The trend of the disease was increasing, where a cumulative 160 873.7 cases could be reached until August 6, 2020 according to the linear ROR model, so these results in terms of trend, coincide with those obtained for that pandemic in Cuba [20-21].
The linear ROR model outperformed the non-linear Weibull model by 72.38 %, but this does not mean absolutely, since it is only one study; moreover, both models offer very good possibilities for use in COVID 19 modeling, so they constitute excellent tools for pandemic monitoring, analysis and prediction [11,12,15], with a high level of application in many fields and/or areas of science [23-25]. On the other hand, it is the first time that a ROR model is applied to growth processes in data with respect to time, so that certain steps of progress are being made in mathematical modeling, in terms of COVID-19, which in itself, is an epidemic of paradoxes [26]. By virtue of everything analyzed in this research, it is important to estimate the trend in the behavior of the epidemiological curve of the pandemic, because in truth, we do not yet know whether the virus will become endemic, recurrent year after year, or will finally be controlled [26-29].
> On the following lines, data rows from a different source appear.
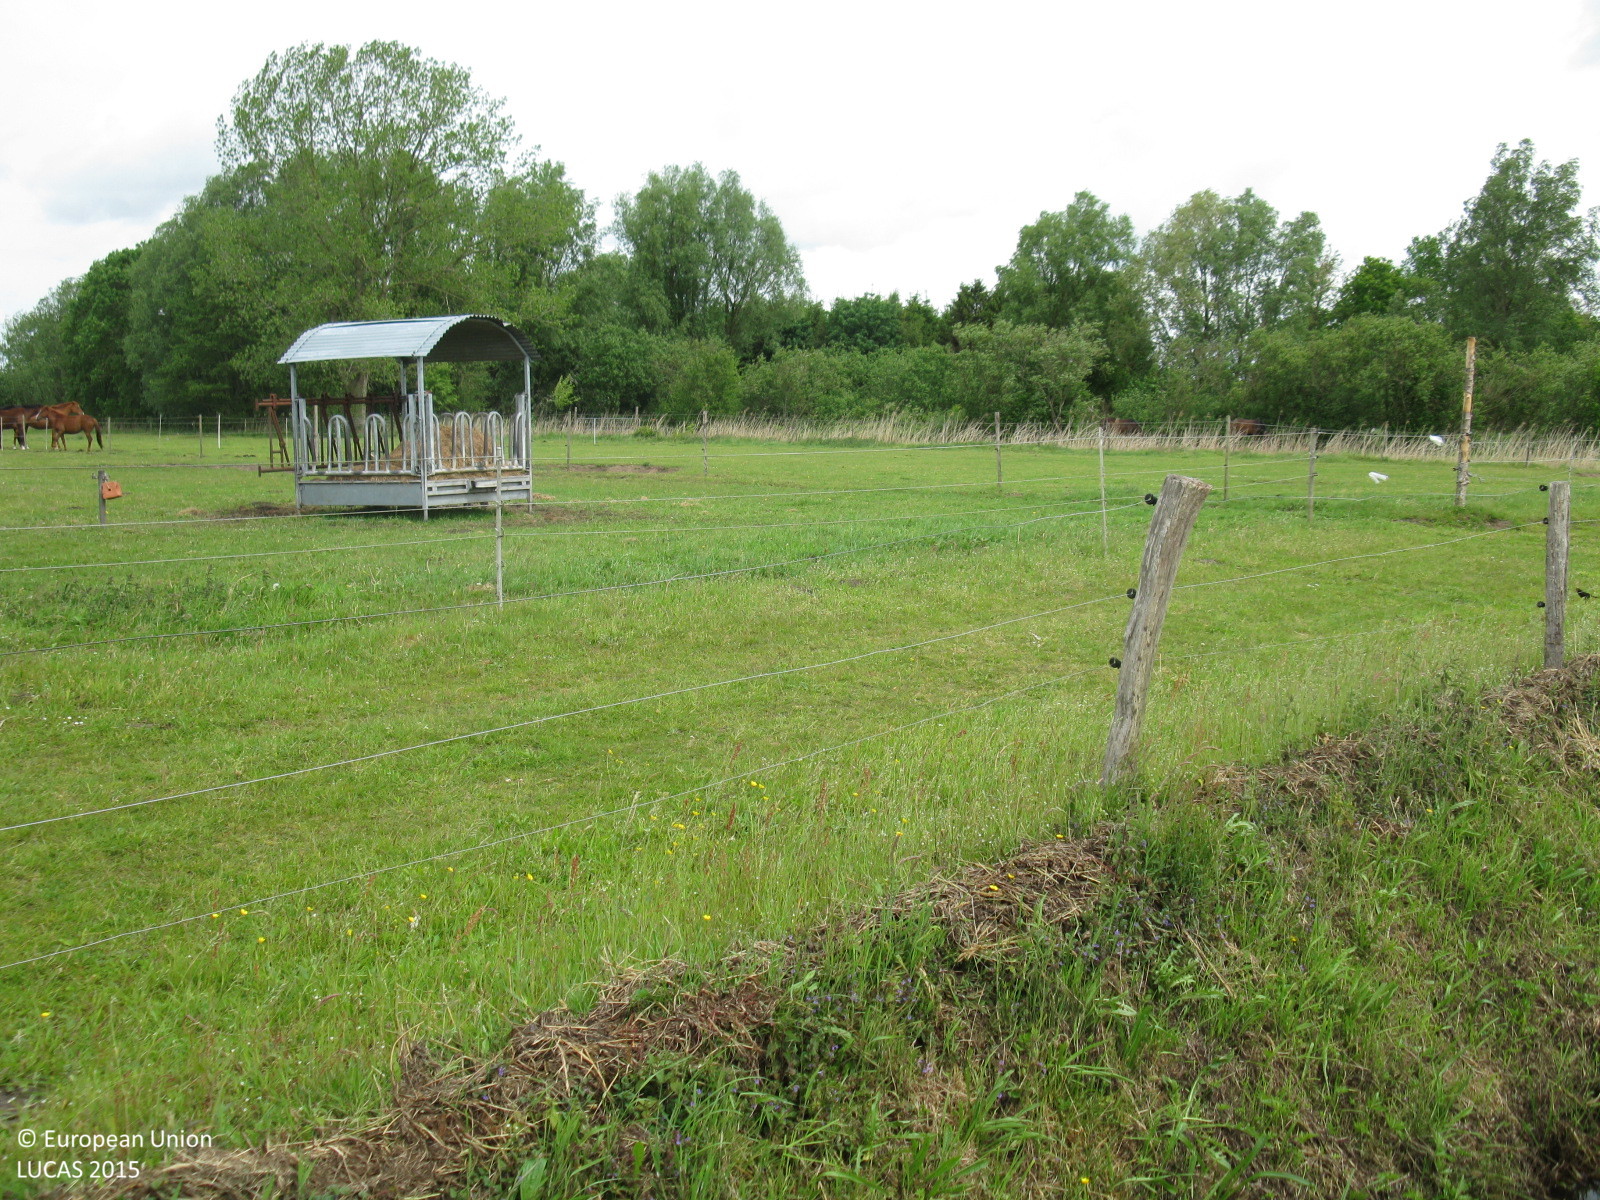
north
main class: Grassland
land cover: Grassland without tree/shrub cover
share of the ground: > 75 %
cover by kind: herbaceous plants 100 %
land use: Agriculture (excluding fallow land and kitchen gardens)
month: June
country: DE
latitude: 53.1739
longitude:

The ROR mathematical modeling showed better results than the Weibull model, since the F statistic, as well as six other parameters showed better results than the non-linear Weibull model; however, both linear and non-linear models show good results in the modeling and prediction of COVID-19, which despite being a new disease in the world can be predicted 15 days in advance using the ROR methodology, and thus reduce the number of dead, severe and critical patients for better management of the pandemic.
Funding: No funding sources.
Conflict of interest: None declared.
Ethical approval: The study was approved by the Institutional Ethics Committee of University of Medical Sciences of Villa Clara.